We are currently facing the challenge of designing stationary batteries for renewable energy storage that combine high energy and power density performance with long lifespan, while being economically competitive and having a low environmental impact. The RADICAL consortium brings together fundamental research and technological development to create an economical and sustainable aqueous redox flow battery with performance levels that are currently unavailable on the market. The project particularly combines modeling and experimentation to discover new electrolytes and more efficient electrodes.

Keywords

Redox flow battery, Electrolytes, Molecular dynamics, Nitroxide radicals, Mass transport, Charge transfer, Multi-scale analysis, Life cycle assessment

Tasks

Our research

Choice of molecules

The influence of functionalizing a series of nitroxides on their performance for redox flow batteries is systematically studied using computational tools (DFT), by calculating all relevant descriptors. A subset of approximately twenty of the most promising candidates is selected for which more advanced calculations are performed.

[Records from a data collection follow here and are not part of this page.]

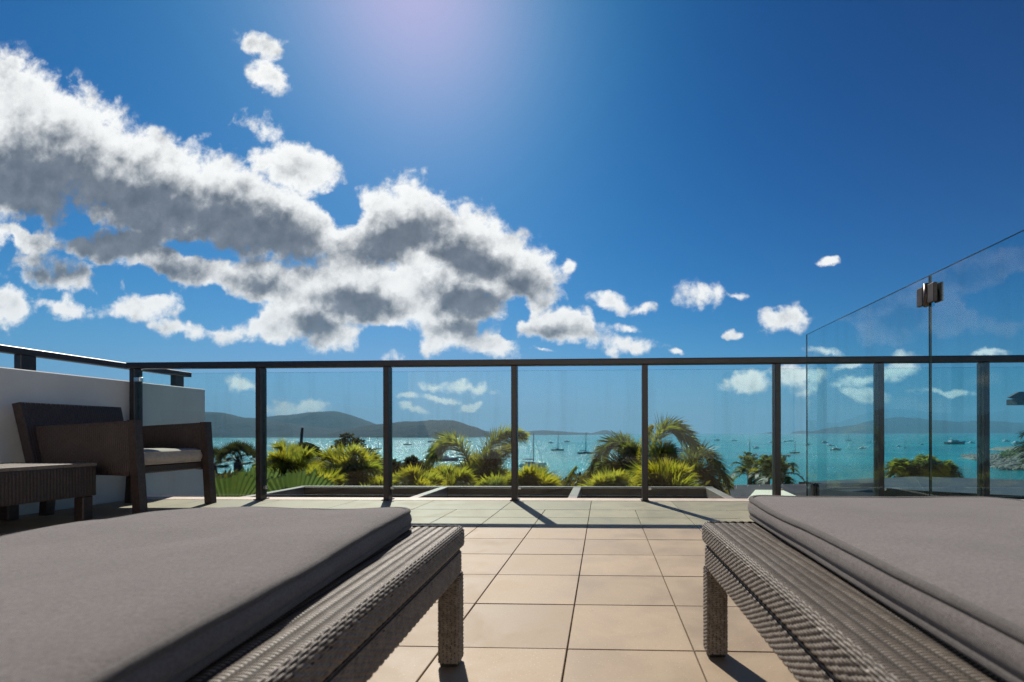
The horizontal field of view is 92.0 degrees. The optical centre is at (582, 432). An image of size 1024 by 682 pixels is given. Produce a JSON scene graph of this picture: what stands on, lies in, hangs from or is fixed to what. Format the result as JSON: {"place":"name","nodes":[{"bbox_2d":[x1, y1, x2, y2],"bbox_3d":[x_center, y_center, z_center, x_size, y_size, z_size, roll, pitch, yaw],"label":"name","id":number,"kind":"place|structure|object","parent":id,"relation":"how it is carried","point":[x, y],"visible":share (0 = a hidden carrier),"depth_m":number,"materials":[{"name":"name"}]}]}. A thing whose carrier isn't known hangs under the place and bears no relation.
{"place":"outdoors","nodes":[
{"label":"outdoors","id":0,"kind":"place"},
{"bbox_2d":[205,412,343,437],"bbox_3d":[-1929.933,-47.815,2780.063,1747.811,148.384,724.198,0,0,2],"label":"island","id":1,"kind":"structure","parent":0,"point":[225,425],"depth_m":2570.29,"materials":[{"name":"green plant"}]},
{"bbox_2d":[267,411,374,429],"bbox_3d":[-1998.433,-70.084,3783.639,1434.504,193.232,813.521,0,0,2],"label":"island","id":2,"kind":"structure","parent":0,"point":[334,420],"depth_m":3588.43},
{"bbox_2d":[299,420,496,437],"bbox_3d":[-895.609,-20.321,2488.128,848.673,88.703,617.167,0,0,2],"label":"island","id":3,"kind":"structure","parent":0,"point":[416,429],"depth_m":2280.56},
{"bbox_2d":[0,497,1023,681],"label":"terrace floor","id":4,"kind":"structure","parent":0,"point":[583,590],"depth_m":1.59,"materials":[{"name":"tile"}]},
{"bbox_2d":[0,462,96,520],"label":"wicker table","id":5,"kind":"object","parent":4,"relation":"on","point":[24,483],"visible":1,"depth_m":2.74,"materials":[{"name":"brown wicker"}]},
{"bbox_2d":[12,402,216,515],"bbox_3d":[-3.132,0.165,3.334,0.779,0.712,0.651,0,0,2],"label":"wicker armchair","id":6,"kind":"object","parent":4,"relation":"on","point":[109,440],"visible":0.9,"depth_m":3.07,"materials":[{"name":"brown wicker"}]},
{"bbox_2d":[144,448,202,464],"bbox_3d":[-3.087,0.159,3.360,0.590,0.103,0.528,0,0,2],"label":"seat cushion","id":7,"kind":"object","parent":6,"relation":"on","point":[153,456],"visible":0.38,"depth_m":3.34,"materials":[{"name":"beige fabric"}]},
{"bbox_2d":[184,525,464,681],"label":"sun lounger","id":8,"kind":"object","parent":4,"relation":"on","point":[358,622],"visible":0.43,"depth_m":0.64,"materials":[{"name":"grey wicker"}]},
{"bbox_2d":[0,506,411,681],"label":"lounger cushion","id":9,"kind":"object","parent":8,"relation":"on","point":[179,595],"visible":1,"depth_m":0.54,"materials":[{"name":"grey fabric"}]},
{"bbox_2d":[126,355,1023,500],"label":"glass balustrade","id":10,"kind":"object","parent":4,"relation":"on","point":[983,362],"visible":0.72,"depth_m":3.68,"materials":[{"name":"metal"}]},
{"bbox_2d":[702,521,1004,681],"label":"sun lounger","id":11,"kind":"object","parent":4,"relation":"on","point":[810,619],"visible":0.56,"depth_m":0.62,"materials":[{"name":"grey wicker"}]},
{"bbox_2d":[748,495,1023,681],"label":"lounger cushion","id":12,"kind":"object","parent":11,"relation":"on","point":[948,570],"visible":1,"depth_m":0.64,"materials":[{"name":"grey fabric"}]},
{"bbox_2d":[806,230,1023,495],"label":"glass screen","id":13,"kind":"object","parent":4,"relation":"on","point":[929,293],"visible":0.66,"depth_m":2.19,"materials":[{"name":"clear glass"}]},
{"bbox_2d":[0,0,1023,433],"label":"sky","id":14,"kind":"structure","parent":0,"point":[181,180],"materials":[{"name":"blue"}]},
{"bbox_2d":[486,430,594,434],"bbox_3d":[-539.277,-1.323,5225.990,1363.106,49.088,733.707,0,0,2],"label":"island","id":15,"kind":"structure","parent":0,"point":[543,432],"depth_m":4972.69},
{"bbox_2d":[563,465,577,485],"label":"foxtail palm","id":16,"kind":"object","parent":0,"point":[569,475],"visible":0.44,"depth_m":8.00,"materials":[{"name":"plant"}]},
{"bbox_2d":[591,430,617,433],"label":"island","id":17,"kind":"structure","parent":0,"point":[604,432],"depth_m":5840.53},
{"bbox_2d":[212,433,1023,484],"bbox_3d":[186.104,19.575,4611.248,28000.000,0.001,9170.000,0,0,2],"label":"sea","id":18,"kind":"structure","parent":0,"point":[849,460],"depth_m":587.54,"materials":[{"name":"liquid"}]},
{"bbox_2d":[438,453,457,460],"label":"motor boat","id":19,"kind":"object","parent":18,"relation":"on","point":[446,458],"visible":0.48,"depth_m":351.08,"materials":[{"name":"white"}]},
{"bbox_2d":[519,433,546,466],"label":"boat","id":20,"kind":"object","parent":18,"relation":"on","point":[529,463],"visible":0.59,"depth_m":289.13,"materials":[{"name":"white"}]},
{"bbox_2d":[577,438,592,453],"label":"sailing boat","id":21,"kind":"object","parent":18,"relation":"on","point":[583,452],"visible":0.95,"depth_m":468.91,"materials":[{"name":"white"}]},
{"bbox_2d":[944,438,964,443],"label":"motor boat","id":22,"kind":"object","parent":18,"relation":"on","point":[956,441],"visible":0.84,"depth_m":794.32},
{"bbox_2d":[960,453,1023,470],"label":"breakwater","id":23,"kind":"object","parent":18,"relation":"in","point":[997,461],"visible":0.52,"depth_m":293.11,"materials":[{"name":"grey stone"}]},
{"bbox_2d":[996,449,1015,457],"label":"bush","id":24,"kind":"object","parent":23,"relation":"on","point":[1003,454],"visible":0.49,"depth_m":333.50,"materials":[{"name":"green plant"}]},
{"bbox_2d":[1006,449,1018,457],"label":"bush","id":25,"kind":"object","parent":23,"relation":"on","point":[1012,452],"visible":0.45,"depth_m":321.14,"materials":[{"name":"green plant"}]},
{"bbox_2d":[787,430,829,433],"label":"island","id":26,"kind":"structure","parent":0,"point":[809,432],"depth_m":7301.61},
{"bbox_2d":[811,417,1023,432],"bbox_3d":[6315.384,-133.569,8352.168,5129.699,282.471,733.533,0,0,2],"label":"island","id":27,"kind":"structure","parent":0,"point":[904,425],"depth_m":8134.64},
{"bbox_2d":[962,446,1019,458],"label":"headland","id":28,"kind":"structure","parent":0,"point":[1001,448],"depth_m":523.58,"materials":[{"name":"stone"}]},
{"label":"ground","id":29,"kind":"structure","parent":0,"visible":0},
{"bbox_2d":[0,367,204,514],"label":"parapet wall","id":30,"kind":"structure","parent":29,"relation":"on","point":[165,404],"depth_m":3.67,"materials":[{"name":"white paint"}]},
{"bbox_2d":[0,344,191,386],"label":"wall handrail","id":31,"kind":"object","parent":30,"relation":"on","point":[24,358],"depth_m":3.49,"materials":[{"name":"black metal"}]},
{"bbox_2d":[213,446,230,475],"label":"fan palm","id":32,"kind":"object","parent":29,"relation":"on","point":[217,450],"visible":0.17,"depth_m":21.66,"materials":[{"name":"green plant"}]},
{"bbox_2d":[213,440,255,470],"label":"fan palm","id":33,"kind":"object","parent":29,"relation":"on","point":[235,448],"visible":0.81,"depth_m":20.42,"materials":[{"name":"green plant"}]},
{"bbox_2d":[215,464,337,496],"bbox_3d":[-4.085,2.204,6.242,2.532,3.585,1.180,0,0,2],"label":"pleated palm","id":34,"kind":"object","parent":29,"relation":"on","point":[243,482],"visible":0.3,"depth_m":6.04,"materials":[{"name":"green plant"}]},
{"bbox_2d":[251,437,324,476],"bbox_3d":[-5.352,2.045,9.010,1.390,4.028,2.051,0,0,-33],"label":"cane palm","id":35,"kind":"object","parent":29,"relation":"on","point":[290,459],"visible":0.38,"depth_m":8.92,"materials":[{"name":"green plant"}]},
{"bbox_2d":[300,427,303,442],"bbox_3d":[-8.912,2.470,15.372,0.286,5.275,0.120,0,0,2],"label":"leaning pole","id":36,"kind":"object","parent":29,"relation":"on","point":[301,434],"visible":0.17,"depth_m":15.33,"materials":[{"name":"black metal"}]},
{"bbox_2d":[297,441,324,459],"bbox_3d":[-7.499,2.568,13.325,1.033,4.679,1.232,0,0,2],"label":"shrub","id":37,"kind":"object","parent":29,"relation":"on","point":[309,445],"visible":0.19,"depth_m":13.34,"materials":[{"name":"green plant"}]},
{"bbox_2d":[296,464,353,485],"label":"cane palm","id":38,"kind":"object","parent":29,"relation":"on","point":[335,477],"visible":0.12,"depth_m":7.63,"materials":[{"name":"green plant"}]},
{"bbox_2d":[304,441,382,485],"bbox_3d":[-4.276,2.126,8.755,2.476,4.012,1.411,0,0,13],"label":"cane palm","id":39,"kind":"object","parent":29,"relation":"on","point":[357,464],"visible":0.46,"depth_m":8.26,"materials":[{"name":"green plant"}]},
{"bbox_2d":[330,432,380,455],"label":"layered tree","id":40,"kind":"object","parent":29,"relation":"on","point":[345,441],"visible":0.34,"depth_m":17.18,"materials":[{"name":"green plant"}]},
{"bbox_2d":[358,474,382,485],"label":"cane palm","id":41,"kind":"object","parent":29,"relation":"on","point":[377,482],"visible":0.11,"depth_m":7.78,"materials":[{"name":"green plant"}]},
{"bbox_2d":[379,458,411,475],"bbox_3d":[-6.687,3.071,16.263,2.145,4.585,1.753,0,0,2],"label":"shrub","id":42,"kind":"object","parent":29,"relation":"on","point":[399,465],"visible":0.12,"depth_m":16.30,"materials":[{"name":"green plant"}]},
{"bbox_2d":[398,455,432,474],"bbox_3d":[-5.982,3.152,17.272,1.870,4.784,1.525,0,0,2],"label":"shrub","id":43,"kind":"object","parent":29,"relation":"on","point":[414,460],"visible":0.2,"depth_m":17.35,"materials":[{"name":"green plant"}]},
{"bbox_2d":[392,463,446,485],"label":"cane palm","id":44,"kind":"object","parent":29,"relation":"on","point":[409,476],"visible":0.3,"depth_m":7.12,"materials":[{"name":"green plant"}]},
{"bbox_2d":[427,462,477,485],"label":"cane palm","id":45,"kind":"object","parent":29,"relation":"on","point":[459,476],"visible":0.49,"depth_m":7.37,"materials":[{"name":"green plant"}]},
{"bbox_2d":[215,464,733,495],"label":"undergrowth","id":46,"kind":"object","parent":29,"relation":"on","point":[574,481],"depth_m":9.05,"materials":[{"name":"green plant"}]},
{"bbox_2d":[423,423,531,484],"bbox_3d":[-1.916,1.951,9.122,1.625,4.399,2.003,0,0,-42],"label":"foxtail palm","id":47,"kind":"object","parent":29,"relation":"on","point":[489,461],"visible":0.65,"depth_m":9.02,"materials":[{"name":"green plant"}]},
{"bbox_2d":[242,486,734,498],"bbox_3d":[-0.952,2.370,4.790,4.800,3.502,1.775,0,0,2],"label":"planter","id":48,"kind":"object","parent":29,"relation":"on","point":[505,491],"visible":0.32,"depth_m":5.56,"materials":[{"name":"paint"}]},
{"bbox_2d":[471,472,510,485],"bbox_3d":[-1.297,2.241,7.258,0.980,3.449,1.573,0,0,-9],"label":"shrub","id":49,"kind":"object","parent":29,"relation":"on","point":[492,480],"visible":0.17,"depth_m":6.78,"materials":[{"name":"green plant"}]},
{"bbox_2d":[503,460,562,485],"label":"cane palm","id":50,"kind":"object","parent":29,"relation":"on","point":[535,475],"visible":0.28,"depth_m":7.02,"materials":[{"name":"green plant"}]},
{"bbox_2d":[578,466,635,485],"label":"cane palm","id":51,"kind":"object","parent":29,"relation":"on","point":[609,478],"visible":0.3,"depth_m":6.85,"materials":[{"name":"green plant"}]},
{"bbox_2d":[583,428,649,479],"bbox_3d":[0.704,1.990,9.203,1.340,4.256,1.456,0,0,-22],"label":"foxtail palm","id":52,"kind":"object","parent":29,"relation":"on","point":[626,446],"visible":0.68,"depth_m":9.00,"materials":[{"name":"green plant"}]},
{"bbox_2d":[625,479,639,485],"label":"cane palm","id":53,"kind":"object","parent":29,"relation":"on","point":[633,484],"visible":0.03,"depth_m":6.74,"materials":[{"name":"green plant"}]},
{"bbox_2d":[623,412,704,477],"bbox_3d":[1.215,1.793,8.169,1.410,4.384,1.234,0,0,36],"label":"foxtail palm","id":54,"kind":"object","parent":29,"relation":"on","point":[678,430],"visible":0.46,"depth_m":8.07,"materials":[{"name":"green plant"}]},
{"bbox_2d":[631,456,706,486],"bbox_3d":[1.272,2.121,6.965,1.101,3.613,1.678,0,0,20],"label":"cane palm","id":55,"kind":"object","parent":29,"relation":"on","point":[668,473],"visible":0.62,"depth_m":6.65,"materials":[{"name":"green plant"}]},
{"bbox_2d":[680,436,735,492],"bbox_3d":[2.295,2.123,9.609,1.124,4.165,1.557,0,0,-31],"label":"foxtail palm","id":56,"kind":"object","parent":29,"relation":"on","point":[712,470],"visible":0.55,"depth_m":9.36,"materials":[{"name":"green plant"}]},
{"bbox_2d":[729,451,771,484],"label":"coconut palm","id":57,"kind":"object","parent":29,"relation":"on","point":[748,462],"visible":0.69,"depth_m":21.60,"materials":[{"name":"green plant"}]},
{"bbox_2d":[747,454,786,483],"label":"coconut palm","id":58,"kind":"object","parent":29,"relation":"on","point":[764,459],"visible":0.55,"depth_m":19.56,"materials":[{"name":"green plant"}]},
{"bbox_2d":[756,454,805,484],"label":"coconut palm","id":59,"kind":"object","parent":29,"relation":"on","point":[786,467],"visible":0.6,"depth_m":18.54,"materials":[{"name":"green plant"}]},
{"bbox_2d":[719,483,873,498],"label":"house","id":60,"kind":"structure","parent":29,"relation":"on","point":[826,489],"depth_m":14.77,"materials":[{"name":"metal"}]},
{"bbox_2d":[748,490,794,498],"bbox_3d":[1.828,0.735,4.880,0.604,0.240,0.776,0,0,2],"label":"parapet cap","id":61,"kind":"object","parent":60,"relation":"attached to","point":[765,492],"visible":0.07,"depth_m":4.95,"materials":[{"name":"beige paint"}]},
{"bbox_2d":[884,458,920,477],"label":"round palm","id":62,"kind":"object","parent":29,"relation":"on","point":[896,467],"visible":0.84,"depth_m":26.01,"materials":[{"name":"plant"}]},
{"bbox_2d":[799,476,1023,498],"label":"gabled house","id":63,"kind":"structure","parent":29,"relation":"on","point":[947,486],"depth_m":18.67,"materials":[{"name":"metal"}]},
{"bbox_2d":[894,461,928,477],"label":"round palm","id":64,"kind":"object","parent":29,"relation":"on","point":[916,465],"visible":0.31,"depth_m":25.87,"materials":[{"name":"plant"}]},
{"bbox_2d":[908,454,951,476],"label":"round palm","id":65,"kind":"object","parent":29,"relation":"on","point":[922,459],"visible":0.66,"depth_m":25.81,"materials":[{"name":"plant"}]},
{"bbox_2d":[928,460,964,477],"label":"round palm","id":66,"kind":"object","parent":29,"relation":"on","point":[951,467],"visible":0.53,"depth_m":25.83,"materials":[{"name":"plant"}]},
{"bbox_2d":[1006,392,1023,404],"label":"neighbour pavilion","id":67,"kind":"structure","parent":29,"relation":"on","point":[1017,398],"depth_m":12.19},
{"bbox_2d":[1009,431,1023,469],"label":"coconut palm","id":68,"kind":"object","parent":29,"relation":"on","point":[1021,453],"visible":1,"depth_m":13.70,"materials":[{"name":"green plant"}]}
]}

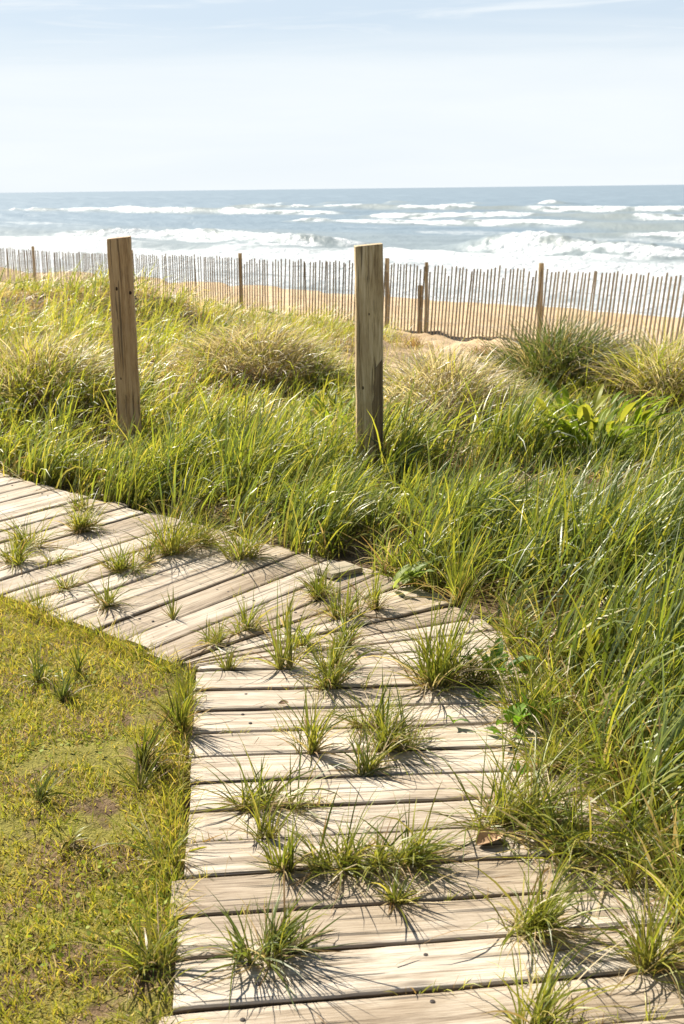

Synthesis of molecules and studies of their properties

A series of new molecules (15-20) is synthesized. Their basic electrochemical properties are systematically determined, and their reactivity in a complex electrolyte is assessed using advanced electrochemical techniques.

Life cycle assessment

An efficient and economically sustainable synthesis scheme for the selected candidates is developed.

Study of the stability of the compounds

The stability of the most promising molecules is evaluated. This assessment includes a theoretical approach, classical physicochemical characterizations (NMR, UV-Vis, LC/MS, etc.), as well as more advanced techniques (EPR), and comprehensive battery tests with carefully selected configurations.

Construction of a complete battery

System-level modeling is then used to optimize mass transport in these redox flow batteries, which use complex electrolytes where high concentrations can sometimes result in significant viscosities. With the best molecules developed in the project, a complete laboratory-scale battery is assembled to demonstrate the performance and viability of the formulated electrolytes.